The re module in Python provides support for working with regular expressions, allowing users to search for patterns within strings, perform substitutions, and more. In the provided script, re.compile() is used to create a regular expression pattern that matches phone numbers with various formats such as "123-456-7890", "123 456 7890", "123.456.7890", etc. This pattern is then applied to the contact number field to extract phone numbers from each entry in the telephone directory.

In [3]:
def scrape_telephone_directory(url):
    # Send a GET request to the URL
    response = requests.get(url)
    
    # Check if the request was successful (status code 200)
    if response.status_code == 200:
        # Parse the HTML content
        soup = BeautifulSoup(response.content, 'html.parser')
        
        # Find all <tr> tags within the table
        rows = soup.find_all('tr')
        
        # Define a regular expression pattern for phone numbers
        phone_number_pattern = re.compile(r'\b\d{3}[-.\s]?\d{3}[-.\s]?\d{4}\b')
        
        # Loop through each row and extract data
        for row in rows:
            # Find all <td> tags within the row
            columns = row.find_all('td')
            # Check if there are exactly three columns (name, contact number, address)
            if len(columns) == 3:
                # Extract name, contact number, and address
                name = columns[0].text.strip()
                contact_number = columns[1].text.strip()
                address = columns[2].text.strip()
                # Find all phone numbers in the contact number field
                phone_numbers = phone_number_pattern.findall(contact_number)
                # Print or save the extracted data
                for phone_number in phone_numbers:
                    print("Name:", name)
                    print("Contact Number:", phone_number)
                    print("Address:", address)
                    print("------------")
    else:
        print("Failed to retrieve the webpage.")
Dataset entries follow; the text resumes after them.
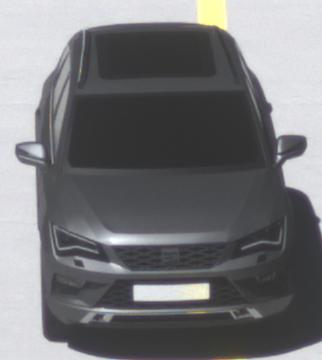
Make: SEAT
Model: Ateca 1.0 TSI Ecomotive
Detailed model: Ateca (5FP)
Model produced from: 2016/08
Model produced until: 2018/08
Doors: 5
Color: gray
Road condition: dry road
Daytime: midday
Contrast: high contrast
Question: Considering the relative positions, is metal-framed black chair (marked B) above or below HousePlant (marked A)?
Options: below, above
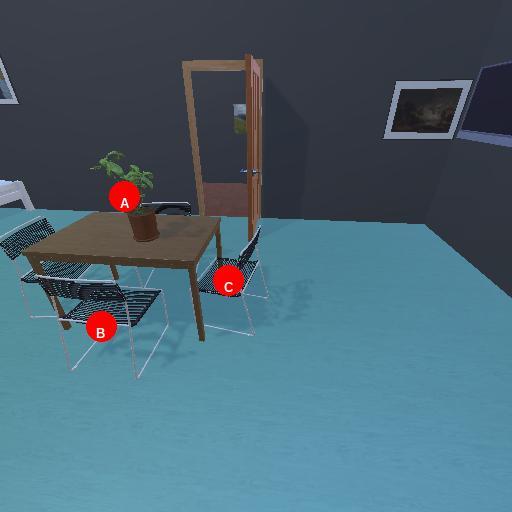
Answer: below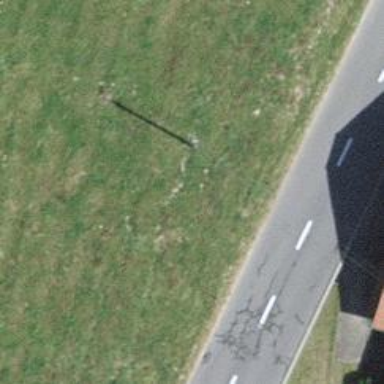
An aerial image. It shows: Utility pole as the man-made structure.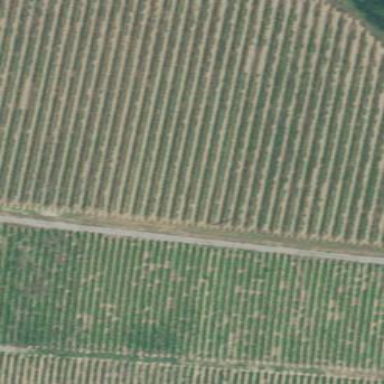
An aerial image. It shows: Vineyard with grape crops.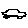
Label: car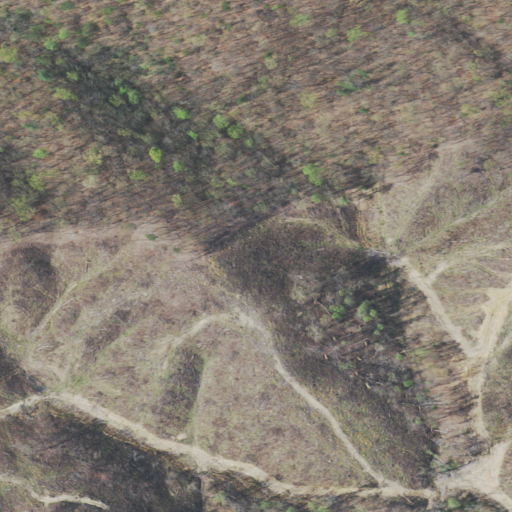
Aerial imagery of ridge(s) in Tennessee named Coaling Grounds Ridge containing grassland and deciduous forest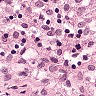
Metastatic tissue present: no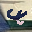
Label: 4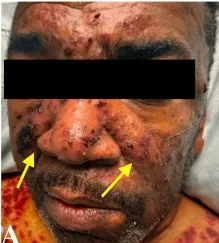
Scattered flaccid vesicles overlying violaceous plaques with superficial crusting across the nose, bilateral cheeks.
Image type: medical_photograph (skin_photograph)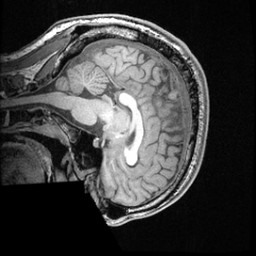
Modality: T1w
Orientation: sagittal
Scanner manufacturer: ge
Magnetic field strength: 3 T
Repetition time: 0.008572 s
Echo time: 0.003384 s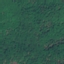
Land use / land cover class: Forest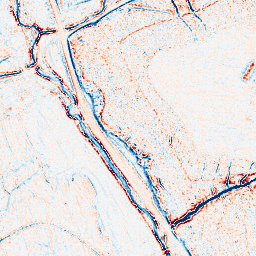
Category: edge_preserving
Decomposition family: anisotropic_diffusion
Decomposition parameters: iterations: 5
kappa: 10
gamma: 0.15
Upsampling method: linear_exact
Upsampling parameters: scale: 4
Upsampling scale: 4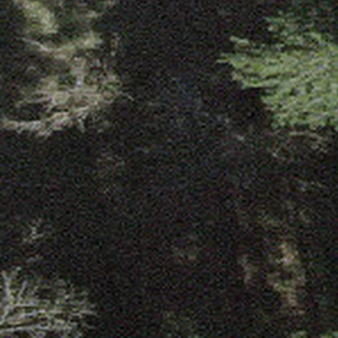
Label: other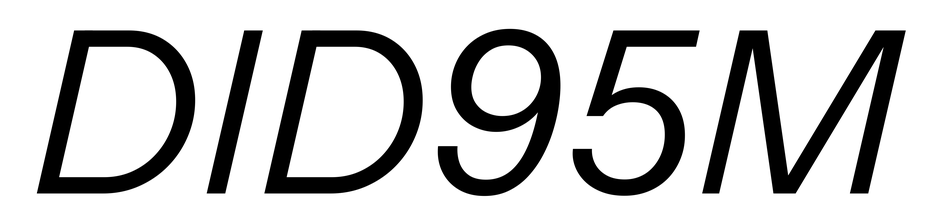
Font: InstrumentSans-Italic_Italic

This block of code ensures that the scrape_telephone_directory function is executed only when the script is run directly, setting the URL of the webpage to scrape and calling the function with that URL.

In [4]:
if __name__ == "__main__":
    url = "https://ictadministration.gov.pk/telephone-directory/"
    scrape_telephone_directory(url)


Name: Chief Commissioner Office
Contact Number: 051-9108312
Address: ICT Administration Complex, Mauve Area, G-11/4, Islamabad
------------
Name: Islamabad Police
Contact Number: 051-9258371
Address: Police Lines Headquarters, H-11, Islamabad
------------
Name: Deputy Commissioner Office
Contact Number: 051-9108108
Address: ICT Administration Complex, Mauve Area, G-11/4, Islamabad
------------
Name: Deputy Commissioner Office
Contact Number: 051-9108109
Address: ICT Administration Complex, Mauve Area, G-11/4, Islamabad
------------
Name: Revenue Department
Contact Number: 051-9262372
Address: Plot No. 65, Near Honda Workshop, I-10/3, Islamabad
------------
Name: Labour Department
Contact Number: 051-9108397
Address: ICT Agriculture Complex, Mauve Area, G-11/4, Islamabad
------------
Name: Cooperative Societies Department
Contact Number: 051-9261239
Address: F-8 Markaz, Islamabad
------------
Name: Civil Defense Department
Contact Number: 051-9160778
Address: F-8 Markaz, Islamabad
-----

This Python code defines a function named scrape_telephone_directory that retrieves the HTML content of a webpage specified by the URL parameter using the requests library. It then parses the HTML content using BeautifulSoup, searching for all <tr> tags representing rows in a table. Within each row, it extracts data such as name, contact number, and address, utilizing a regular expression pattern to find phone numbers. For each entry, it prints the name, contact number, and address, along with the corresponding phone numbers found in the contact number field. The if __name__ == "__main__": block ensures that the function is executed only when the script is run directly, setting the URL of the webpage to scrape and calling the scrape_telephone_directory function with that URL.